When discussing what is the appropriate BMI, who is going to regulate this new measuring stick for a models “health”? Who is going to determine the correct amount of “Mass” a model should or shouldn’t have? As each model is of different heights and builds, aren’t we heading down a slippery slope when we try to put all of the models under the same umbrella?

As in sports, they have found that a vast majority of the athletes would have been classified as obese under the current scale and a quick visual of someone such as LeBron James would render that classification comical at best and grossly incorrect at worst. I do agree that there should be precautions taken to insure the models health and well being.

Again to note the professional athlete analogy, there is constant talk of not overworking these finely trained athletes. They are often sat and their playing time is monitored to ensure that their bodies are not overtaxed. In the case of models, should this consist of a combination of regular physical examinations and testing of blood pressure and all of the pertinent levels such as heart rate and cholesterol levels with a modified BMI scale? Should there be modifications and limits on the amount of days or assignments that a model can work a month?

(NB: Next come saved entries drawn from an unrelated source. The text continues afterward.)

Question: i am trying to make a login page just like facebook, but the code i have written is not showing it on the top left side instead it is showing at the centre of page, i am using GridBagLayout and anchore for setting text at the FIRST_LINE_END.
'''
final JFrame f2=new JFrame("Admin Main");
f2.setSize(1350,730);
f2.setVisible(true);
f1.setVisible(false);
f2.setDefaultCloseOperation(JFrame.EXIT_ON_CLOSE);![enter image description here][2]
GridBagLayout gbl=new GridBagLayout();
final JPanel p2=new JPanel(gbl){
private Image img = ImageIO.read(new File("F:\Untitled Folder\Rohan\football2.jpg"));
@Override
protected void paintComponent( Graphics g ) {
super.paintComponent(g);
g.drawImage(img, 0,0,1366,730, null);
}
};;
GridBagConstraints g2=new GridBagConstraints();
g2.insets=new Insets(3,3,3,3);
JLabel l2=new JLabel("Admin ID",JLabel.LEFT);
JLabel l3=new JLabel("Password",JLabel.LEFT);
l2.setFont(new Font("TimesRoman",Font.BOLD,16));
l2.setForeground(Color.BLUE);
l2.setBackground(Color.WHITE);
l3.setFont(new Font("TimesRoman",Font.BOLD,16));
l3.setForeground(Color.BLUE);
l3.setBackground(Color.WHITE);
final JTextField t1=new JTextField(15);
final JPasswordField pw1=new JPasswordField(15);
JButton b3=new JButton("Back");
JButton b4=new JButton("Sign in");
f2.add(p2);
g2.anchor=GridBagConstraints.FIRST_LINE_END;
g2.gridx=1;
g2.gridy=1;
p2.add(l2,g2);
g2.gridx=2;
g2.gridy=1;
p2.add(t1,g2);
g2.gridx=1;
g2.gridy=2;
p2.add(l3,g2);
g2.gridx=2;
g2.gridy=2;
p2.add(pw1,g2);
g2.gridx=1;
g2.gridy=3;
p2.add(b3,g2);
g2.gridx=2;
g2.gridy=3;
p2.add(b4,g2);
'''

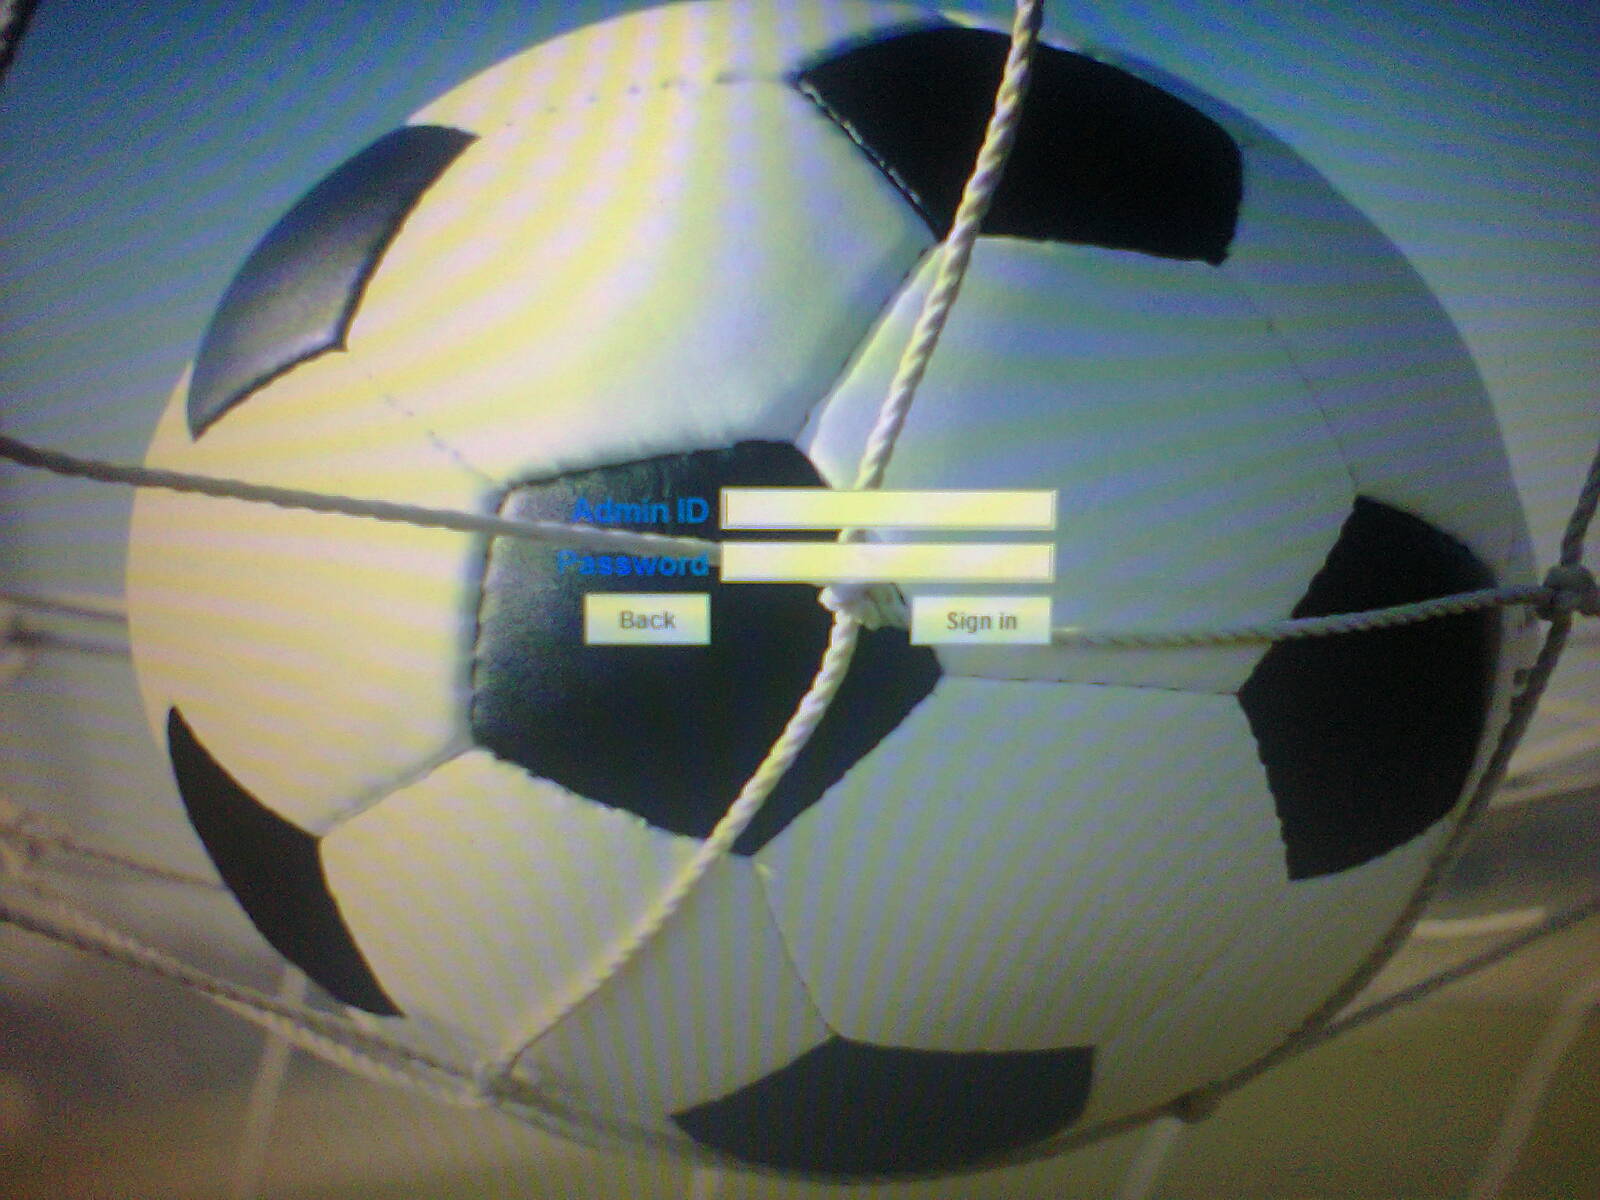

If these types of safeguards were put in place then maybe it would help with the safety and health for the models and would help prevent tragedies such as the 14 year old Russian model who died in China recently. I am not sure if it would have helped her or prevented her death, but there should be a panel of experts convened to examine these factors and to assure that the models do not get lumped into an unsafe scale that categorizes them as too thin or too heavy when in fact that may or may not be the case. While using BMI is a broad guideline for the Parisian fashion industry to use for scale, its a good start to promoting healthy body and image.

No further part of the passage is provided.